**What needs to be done:**
Set down each entry below exactly as written, keeping the pictures out.

(Entries taken from a collection)
═══

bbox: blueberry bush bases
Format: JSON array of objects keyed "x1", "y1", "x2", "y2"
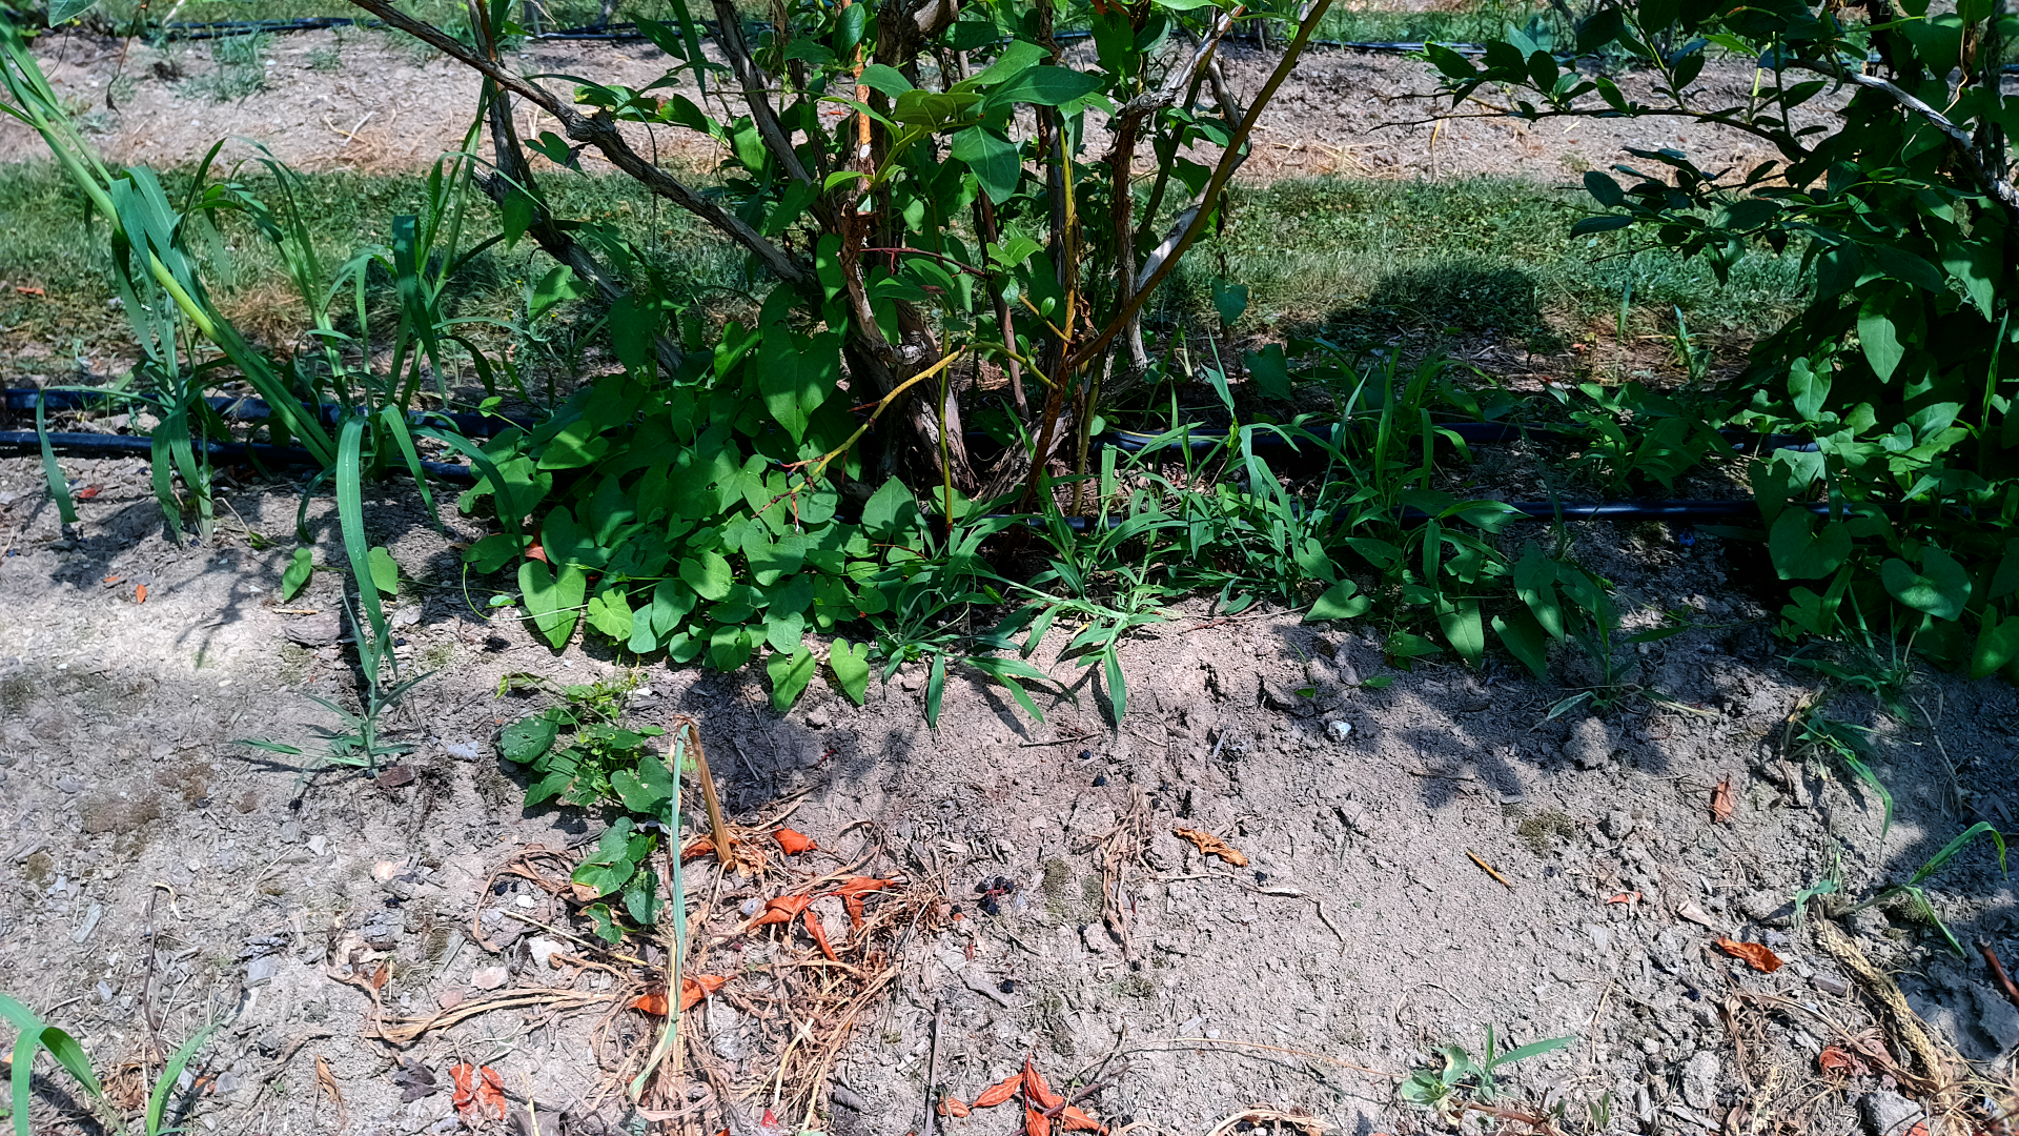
[
  {"x1": 651, "y1": 222, "x2": 1223, "y2": 661},
  {"x1": 1732, "y1": 165, "x2": 2019, "y2": 657}
]

═══

**Answer box:**
bbox: blueberry bush bases
Format: JSON array of objects keyed "x1", "y1", "x2", "y2"
[
  {"x1": 651, "y1": 222, "x2": 1223, "y2": 661},
  {"x1": 1732, "y1": 165, "x2": 2019, "y2": 657}
]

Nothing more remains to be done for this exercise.